Article from For Liberty by Norm Leahy.

The rise in the number of people voluntarily wearing masks to combat the coronavirus has struck an unexpected blow for privacy.

According to CNET, all those masks are “successful at blocking facial recognition algorithms.”

In a report published Monday, the US National Institute of Standards and Technology found that face masks were thwarting even the most advanced facial recognition algorithms. Error rates varied from 5% to 50%, depending on an algorithm’s capabilities. 

Those results are troubling for the facial recognition industry, which has been scrambling to develop algorithms that can identify people through their eyes and nose alone as people turn to face masks amid the coronavirus pandemic.

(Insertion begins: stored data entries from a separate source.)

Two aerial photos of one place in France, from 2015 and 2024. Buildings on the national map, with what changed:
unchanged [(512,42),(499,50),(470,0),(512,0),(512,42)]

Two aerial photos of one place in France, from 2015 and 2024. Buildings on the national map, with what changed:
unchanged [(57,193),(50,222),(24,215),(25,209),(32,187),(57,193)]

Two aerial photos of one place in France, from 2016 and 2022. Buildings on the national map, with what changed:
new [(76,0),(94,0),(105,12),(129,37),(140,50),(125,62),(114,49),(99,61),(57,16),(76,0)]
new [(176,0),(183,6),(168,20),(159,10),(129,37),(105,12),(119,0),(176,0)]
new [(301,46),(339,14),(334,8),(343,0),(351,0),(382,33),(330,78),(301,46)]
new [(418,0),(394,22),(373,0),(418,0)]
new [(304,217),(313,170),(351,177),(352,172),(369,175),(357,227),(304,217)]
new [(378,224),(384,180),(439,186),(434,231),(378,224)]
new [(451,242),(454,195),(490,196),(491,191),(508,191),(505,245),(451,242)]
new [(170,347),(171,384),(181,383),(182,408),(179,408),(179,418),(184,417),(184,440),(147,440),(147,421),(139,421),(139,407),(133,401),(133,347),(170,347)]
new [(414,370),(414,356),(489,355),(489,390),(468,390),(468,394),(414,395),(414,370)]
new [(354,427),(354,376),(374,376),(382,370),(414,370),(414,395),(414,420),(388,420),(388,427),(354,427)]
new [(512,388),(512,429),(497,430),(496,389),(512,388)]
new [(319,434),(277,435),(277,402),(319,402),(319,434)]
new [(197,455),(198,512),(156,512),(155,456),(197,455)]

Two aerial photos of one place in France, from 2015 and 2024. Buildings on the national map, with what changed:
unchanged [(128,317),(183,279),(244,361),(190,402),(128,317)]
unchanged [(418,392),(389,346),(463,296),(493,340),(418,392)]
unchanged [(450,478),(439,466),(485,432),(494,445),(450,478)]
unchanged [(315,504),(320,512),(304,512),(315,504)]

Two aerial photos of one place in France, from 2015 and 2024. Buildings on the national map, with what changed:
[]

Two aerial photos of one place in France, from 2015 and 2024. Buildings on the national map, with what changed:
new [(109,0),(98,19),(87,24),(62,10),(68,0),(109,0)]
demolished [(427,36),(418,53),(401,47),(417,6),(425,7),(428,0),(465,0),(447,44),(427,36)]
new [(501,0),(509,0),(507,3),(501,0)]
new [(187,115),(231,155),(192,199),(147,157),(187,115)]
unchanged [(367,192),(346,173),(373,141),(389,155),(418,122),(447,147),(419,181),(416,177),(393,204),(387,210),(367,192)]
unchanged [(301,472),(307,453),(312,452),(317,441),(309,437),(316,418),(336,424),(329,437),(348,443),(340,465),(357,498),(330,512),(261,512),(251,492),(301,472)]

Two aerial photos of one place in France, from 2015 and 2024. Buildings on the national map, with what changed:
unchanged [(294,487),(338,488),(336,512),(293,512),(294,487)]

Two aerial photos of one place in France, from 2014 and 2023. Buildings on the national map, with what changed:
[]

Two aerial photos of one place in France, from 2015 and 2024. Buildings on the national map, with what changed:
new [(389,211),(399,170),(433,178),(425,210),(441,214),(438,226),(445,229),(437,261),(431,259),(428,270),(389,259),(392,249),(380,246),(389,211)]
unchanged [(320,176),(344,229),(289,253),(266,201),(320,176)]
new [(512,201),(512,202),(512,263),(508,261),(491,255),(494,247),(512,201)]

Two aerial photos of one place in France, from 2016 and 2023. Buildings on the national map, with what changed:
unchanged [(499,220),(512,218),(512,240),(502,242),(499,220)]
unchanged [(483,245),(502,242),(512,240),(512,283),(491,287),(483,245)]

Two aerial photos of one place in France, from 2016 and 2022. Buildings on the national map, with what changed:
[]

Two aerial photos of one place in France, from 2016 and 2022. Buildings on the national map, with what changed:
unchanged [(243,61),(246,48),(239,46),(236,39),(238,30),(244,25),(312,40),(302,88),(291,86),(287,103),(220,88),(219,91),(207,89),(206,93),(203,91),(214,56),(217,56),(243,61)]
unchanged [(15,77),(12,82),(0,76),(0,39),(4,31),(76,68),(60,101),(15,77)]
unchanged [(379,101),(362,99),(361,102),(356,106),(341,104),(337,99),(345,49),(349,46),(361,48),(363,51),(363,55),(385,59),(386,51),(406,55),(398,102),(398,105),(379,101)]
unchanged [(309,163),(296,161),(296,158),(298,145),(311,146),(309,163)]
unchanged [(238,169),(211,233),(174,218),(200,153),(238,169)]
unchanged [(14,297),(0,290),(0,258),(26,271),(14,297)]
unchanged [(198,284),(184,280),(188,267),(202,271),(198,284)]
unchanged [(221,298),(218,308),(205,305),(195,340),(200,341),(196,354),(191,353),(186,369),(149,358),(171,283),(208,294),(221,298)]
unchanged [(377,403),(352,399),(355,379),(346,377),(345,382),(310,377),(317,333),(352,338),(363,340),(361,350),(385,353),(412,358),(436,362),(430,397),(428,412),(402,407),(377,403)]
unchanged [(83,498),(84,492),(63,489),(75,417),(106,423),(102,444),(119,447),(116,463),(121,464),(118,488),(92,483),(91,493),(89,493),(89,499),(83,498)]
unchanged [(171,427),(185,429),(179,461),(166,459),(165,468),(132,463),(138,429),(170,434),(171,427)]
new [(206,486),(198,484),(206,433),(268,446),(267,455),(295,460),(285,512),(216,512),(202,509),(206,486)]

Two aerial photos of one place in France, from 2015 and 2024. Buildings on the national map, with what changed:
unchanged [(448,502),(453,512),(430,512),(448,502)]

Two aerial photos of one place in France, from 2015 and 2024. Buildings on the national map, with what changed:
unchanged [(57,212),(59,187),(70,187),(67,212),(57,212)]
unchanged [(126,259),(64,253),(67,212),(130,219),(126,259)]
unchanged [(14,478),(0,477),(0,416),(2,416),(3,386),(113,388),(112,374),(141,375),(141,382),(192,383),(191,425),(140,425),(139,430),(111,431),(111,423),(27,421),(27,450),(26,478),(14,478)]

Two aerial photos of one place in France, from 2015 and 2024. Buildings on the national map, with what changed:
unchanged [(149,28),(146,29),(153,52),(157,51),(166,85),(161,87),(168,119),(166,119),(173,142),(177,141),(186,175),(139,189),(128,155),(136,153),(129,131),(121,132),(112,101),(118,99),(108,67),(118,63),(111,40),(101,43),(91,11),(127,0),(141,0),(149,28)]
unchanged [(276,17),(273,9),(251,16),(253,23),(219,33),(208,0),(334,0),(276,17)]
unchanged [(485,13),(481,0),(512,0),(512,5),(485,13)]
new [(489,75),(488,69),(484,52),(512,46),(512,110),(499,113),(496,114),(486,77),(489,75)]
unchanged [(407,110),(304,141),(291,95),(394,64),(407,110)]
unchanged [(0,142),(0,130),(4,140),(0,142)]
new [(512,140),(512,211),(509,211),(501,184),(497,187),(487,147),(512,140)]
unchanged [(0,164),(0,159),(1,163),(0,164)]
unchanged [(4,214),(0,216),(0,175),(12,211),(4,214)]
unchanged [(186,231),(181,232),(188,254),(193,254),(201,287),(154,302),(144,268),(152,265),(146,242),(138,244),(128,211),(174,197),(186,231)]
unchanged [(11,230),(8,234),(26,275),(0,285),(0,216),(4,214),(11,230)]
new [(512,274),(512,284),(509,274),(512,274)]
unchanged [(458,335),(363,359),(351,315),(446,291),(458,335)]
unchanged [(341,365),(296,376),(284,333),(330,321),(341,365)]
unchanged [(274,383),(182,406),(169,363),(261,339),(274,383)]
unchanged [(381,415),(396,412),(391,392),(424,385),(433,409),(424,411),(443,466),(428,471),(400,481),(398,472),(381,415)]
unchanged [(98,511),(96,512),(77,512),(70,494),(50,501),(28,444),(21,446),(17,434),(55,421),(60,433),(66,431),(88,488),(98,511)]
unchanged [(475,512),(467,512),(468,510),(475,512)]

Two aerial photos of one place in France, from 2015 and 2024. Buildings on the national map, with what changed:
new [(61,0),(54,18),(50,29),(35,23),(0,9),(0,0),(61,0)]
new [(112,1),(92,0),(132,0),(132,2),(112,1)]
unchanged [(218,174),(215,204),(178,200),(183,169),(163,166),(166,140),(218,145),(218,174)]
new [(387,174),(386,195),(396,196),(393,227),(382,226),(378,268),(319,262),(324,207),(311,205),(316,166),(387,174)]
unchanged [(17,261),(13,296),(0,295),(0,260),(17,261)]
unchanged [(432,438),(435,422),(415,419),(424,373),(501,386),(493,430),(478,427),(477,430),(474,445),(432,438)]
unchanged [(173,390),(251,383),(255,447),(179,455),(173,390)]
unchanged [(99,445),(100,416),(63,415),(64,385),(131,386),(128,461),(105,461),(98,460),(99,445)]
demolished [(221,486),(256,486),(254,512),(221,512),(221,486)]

The federal government is trying to work around the problem, trolling social media sites to gather selfies of people wearing masks – often without people’s knowledge or consent:

Facial recognition companies have long used people’s pictures without consent to train their algorithms. Civil liberty advocates contend that facial recognition technology threatens privacy and free speech, warning as well that there are almost no laws preventing abuse of the surveillance tools.

Clearview AI, a controversial facial recognition company, claimed it has a First Amendment right to scrape more than 3 billion images from social networks to use for its database.

Clearview has faced substantial pushback from social media sites and at least two class-action lawsuits over its data collection practices.